Items from a data source
┏━━
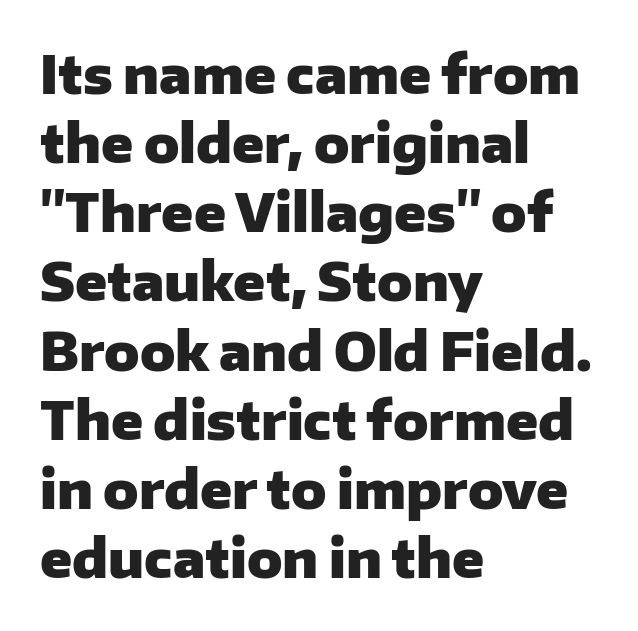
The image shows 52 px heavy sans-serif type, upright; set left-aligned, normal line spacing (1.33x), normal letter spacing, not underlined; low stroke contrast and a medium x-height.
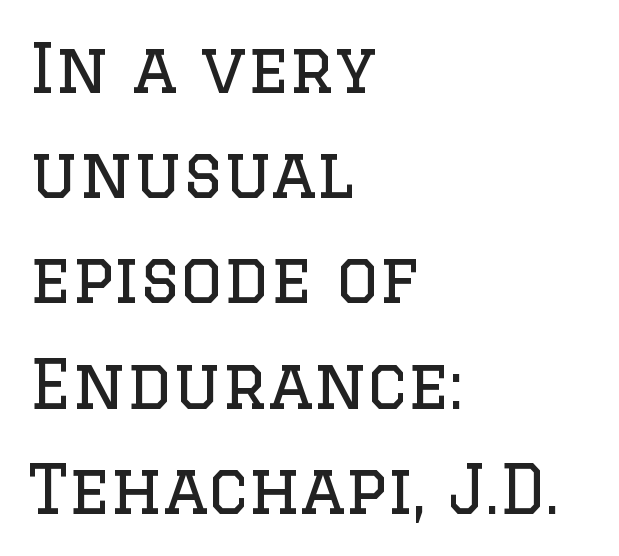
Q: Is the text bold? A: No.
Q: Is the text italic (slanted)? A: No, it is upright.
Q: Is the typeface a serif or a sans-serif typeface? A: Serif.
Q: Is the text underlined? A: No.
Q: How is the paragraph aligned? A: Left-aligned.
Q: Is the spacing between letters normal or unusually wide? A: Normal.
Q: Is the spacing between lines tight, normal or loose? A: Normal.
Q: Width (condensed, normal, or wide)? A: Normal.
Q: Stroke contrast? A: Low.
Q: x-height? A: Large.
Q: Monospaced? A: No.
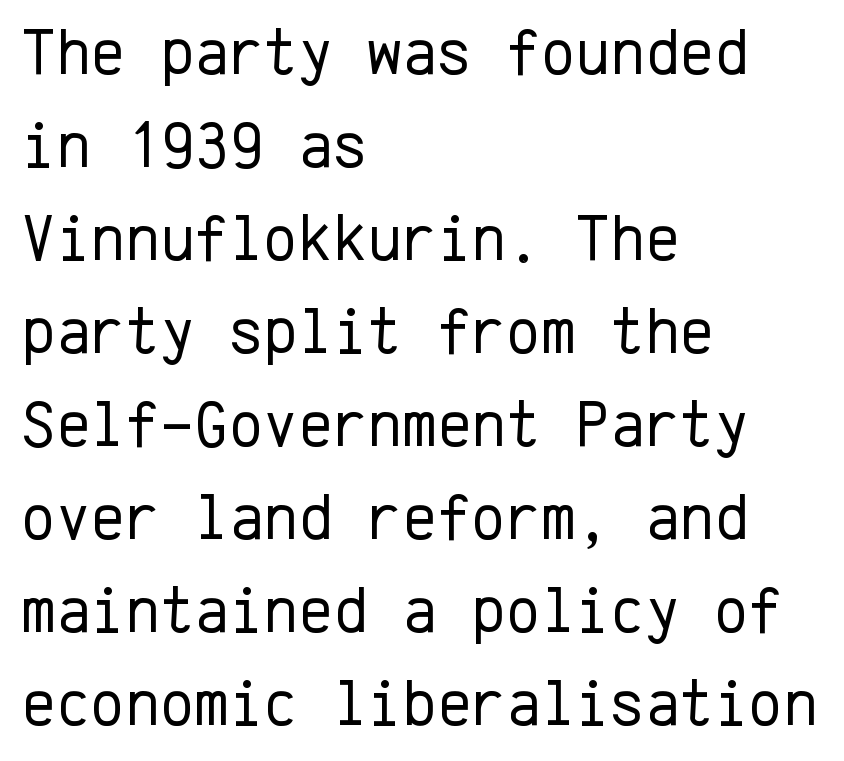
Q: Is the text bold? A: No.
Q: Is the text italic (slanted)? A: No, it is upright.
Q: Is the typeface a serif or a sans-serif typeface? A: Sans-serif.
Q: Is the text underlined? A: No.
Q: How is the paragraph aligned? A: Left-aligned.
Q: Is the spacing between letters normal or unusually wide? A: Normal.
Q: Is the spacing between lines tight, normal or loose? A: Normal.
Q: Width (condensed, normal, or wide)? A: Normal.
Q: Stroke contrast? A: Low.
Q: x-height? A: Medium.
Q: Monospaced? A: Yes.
┗━━
┏━━
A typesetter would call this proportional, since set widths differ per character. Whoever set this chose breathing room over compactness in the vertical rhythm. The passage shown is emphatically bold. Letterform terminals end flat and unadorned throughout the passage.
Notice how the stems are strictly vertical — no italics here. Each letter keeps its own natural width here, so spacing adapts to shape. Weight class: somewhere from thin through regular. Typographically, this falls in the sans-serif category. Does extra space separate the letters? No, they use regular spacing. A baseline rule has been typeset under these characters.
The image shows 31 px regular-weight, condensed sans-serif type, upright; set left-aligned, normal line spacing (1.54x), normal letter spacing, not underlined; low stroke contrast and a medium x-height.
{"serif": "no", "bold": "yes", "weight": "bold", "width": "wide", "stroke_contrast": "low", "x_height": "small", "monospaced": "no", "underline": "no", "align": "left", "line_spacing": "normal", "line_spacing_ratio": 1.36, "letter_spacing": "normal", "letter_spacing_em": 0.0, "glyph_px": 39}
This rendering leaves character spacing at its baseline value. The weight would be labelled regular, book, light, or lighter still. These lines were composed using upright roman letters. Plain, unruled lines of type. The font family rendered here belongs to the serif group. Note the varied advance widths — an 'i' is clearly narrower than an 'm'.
┗━━
┏━━
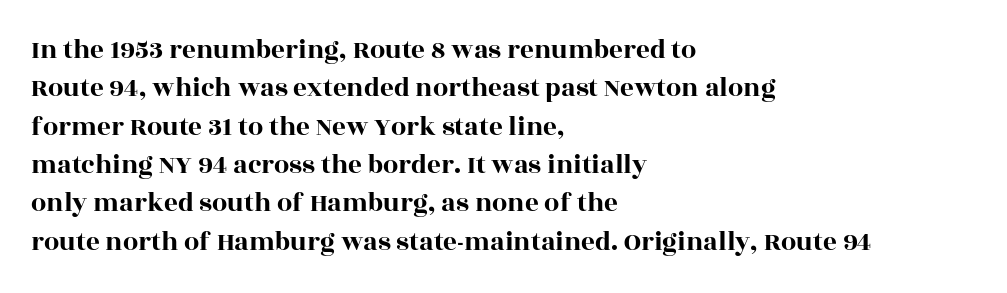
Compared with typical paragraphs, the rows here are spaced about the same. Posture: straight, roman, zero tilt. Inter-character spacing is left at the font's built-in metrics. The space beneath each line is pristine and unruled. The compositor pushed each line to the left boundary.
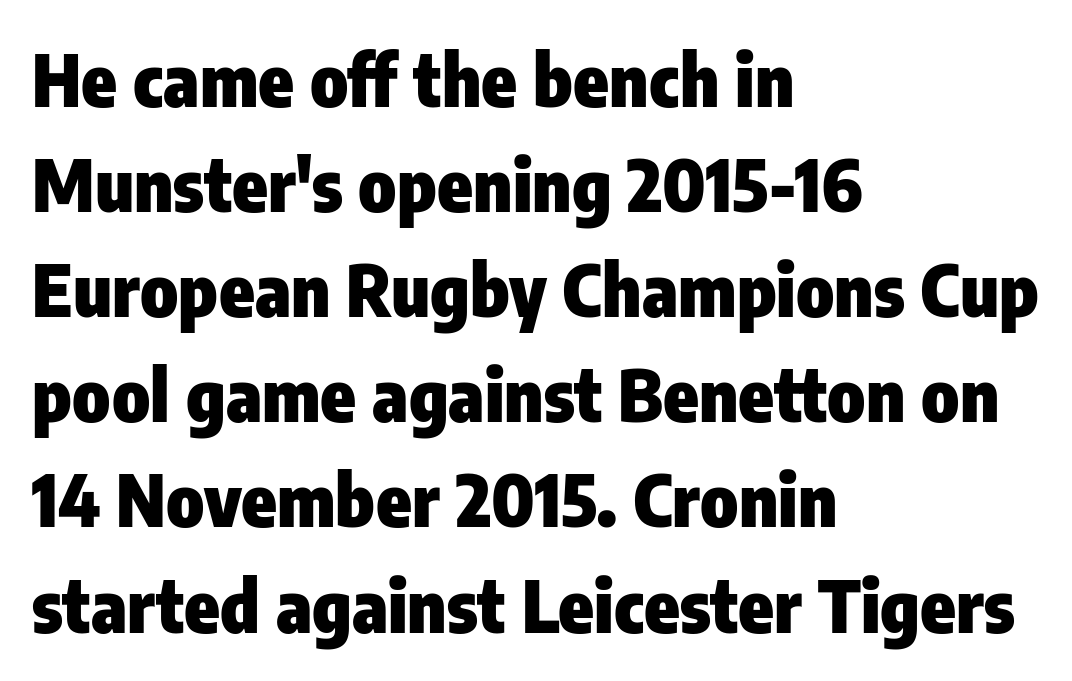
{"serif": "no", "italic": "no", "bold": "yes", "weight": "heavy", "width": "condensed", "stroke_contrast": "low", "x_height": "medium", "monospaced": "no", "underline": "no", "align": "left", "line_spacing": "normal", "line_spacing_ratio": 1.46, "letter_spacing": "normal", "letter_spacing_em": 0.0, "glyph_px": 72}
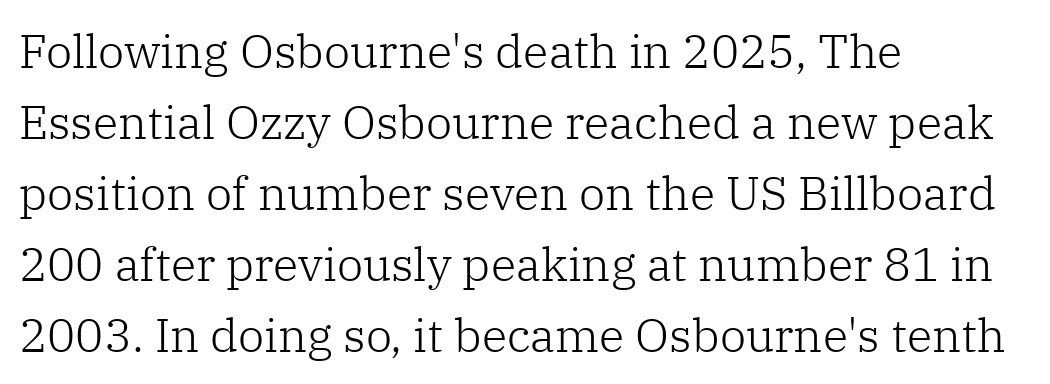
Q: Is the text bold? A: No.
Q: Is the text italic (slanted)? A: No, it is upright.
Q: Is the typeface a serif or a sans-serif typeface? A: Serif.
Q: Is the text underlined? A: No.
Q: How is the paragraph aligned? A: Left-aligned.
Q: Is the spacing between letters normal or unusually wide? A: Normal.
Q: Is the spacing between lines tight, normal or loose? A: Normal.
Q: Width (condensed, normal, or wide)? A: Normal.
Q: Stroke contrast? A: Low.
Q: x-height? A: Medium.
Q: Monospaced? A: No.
┗━━
— HOW TO COMPLETE THIS TASK —
How would the lines above read from the one with "The image shows 52" to the one with "Q: Monospaced? A: Yes.", inclusive, with no pictures? Write them out exactly.

— RESPONSE FOR THIS EXERCISE —
The image shows 52 px heavy sans-serif type, upright; set left-aligned, normal line spacing (1.33x), normal letter spacing, not underlined; low stroke contrast and a medium x-height.
Q: Is the text bold? A: No.
Q: Is the text italic (slanted)? A: No, it is upright.
Q: Is the typeface a serif or a sans-serif typeface? A: Serif.
Q: Is the text underlined? A: No.
Q: How is the paragraph aligned? A: Left-aligned.
Q: Is the spacing between letters normal or unusually wide? A: Normal.
Q: Is the spacing between lines tight, normal or loose? A: Normal.
Q: Width (condensed, normal, or wide)? A: Normal.
Q: Stroke contrast? A: Low.
Q: x-height? A: Large.
Q: Monospaced? A: No.
Q: Is the text bold? A: No.
Q: Is the text italic (slanted)? A: No, it is upright.
Q: Is the typeface a serif or a sans-serif typeface? A: Sans-serif.
Q: Is the text underlined? A: No.
Q: How is the paragraph aligned? A: Left-aligned.
Q: Is the spacing between letters normal or unusually wide? A: Normal.
Q: Is the spacing between lines tight, normal or loose? A: Normal.
Q: Width (condensed, normal, or wide)? A: Normal.
Q: Stroke contrast? A: Low.
Q: x-height? A: Medium.
Q: Monospaced? A: Yes.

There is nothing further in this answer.